Елена Никитишна опять остановила ее:
– Вы, Маша, совершенно напрасно смотрели на эту неприличную прогулку.
– Это, должно быть, опять та же Самсонова, – недовольным тоном сказал отец.
– Опять, Боже мой! – патетически воскликнула мать.
– Но я с ней только случайно встретился в саду! – невинным тоном объяснял Евгений. – И не мог же я убежать от нее!
– Какие скороспелые нежности! – воскликнула Софья Яковлевна, сверкая глазами и покрываясь румянцем негодования.
– Мы только немного прошли вместе и расстались. И я вовсе не думал прятаться. Я даже не сразу вспомнил. Что ж тут такого?

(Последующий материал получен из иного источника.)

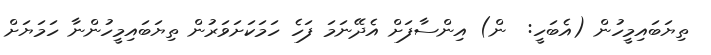
ތިޔަބައިމީހުން (އެބަހީ:  ން) އިންސާފަށް އެދޭނަމަ ފަހެ ހަމަކަށަވަރުން ތިޔަބައިިމީހުންނާ ހަމަޔަށް

– Ах, это все та же мещаночка! – вспомнил и дядя. – Браво, Женечка, у тебя появляется постоянство во вкусах: не на шутку влюбился в свою сандрильону.
– Что ж, что мещаночка? – возразил Евгений. – У нее приданое есть.
– Много ли? – насмешливо спросила мать.
– Тридцать тысяч! – с весом сказал Евгений. Мать пренебрежительно пожала плечами.
– Ну все же деньга… если только отец даст, – вступился дядя, лукаво усмехаясь.
– Не рано ли думать? – спросил отец.
– Это у нее собственные, – сказал Евгений, отвечая дяде.
– Да? – с некоторым вниманием спросила мать.
– Я все это у нее разузнал…
– Вот как! практично! – насмешливо сказал отец.
– Да что это такое! – засмеялась Софья Яковлевна. – Разузнал!
– Дело в том, – объяснял Евгений, – что эти деньги завещал ей дядя, ее крестный отец, и они хранятся в Крутогорске в конторе у другого дяди, нотариуса Жглова.
– Непрочное помещение! – заметил дядя с тою же лукавою усмешкою.
– Вообще, – решила Варвара Кирилловна, – тебе, Женя, о таких вещах рано еще думать.
– Решительно прошу, – продолжала Варвара Кирилловна, – туда не ходить. Раз навсегда. Я не могу этого выносить, – пожалей мои нервы.
Когда Евгений после обеда ушел к себе, Варвара Кирилловна сказала:
– Женя у меня такой впечатлительный, а эта девчонка отчаянно его ловит. Нынче нет детей. Четырнадцатилетняя дрянь уже думает о женихах, – возмутительно!
– В их мещанской среде это так понятно! – говорила Софья Яковлевна. – Да и вообще нынешние дети… И зачем вы отдали его в гимназию, – не понимаю. Там такое общество!
– Ах, куда же отдать! Здесь хоть на наших глазах.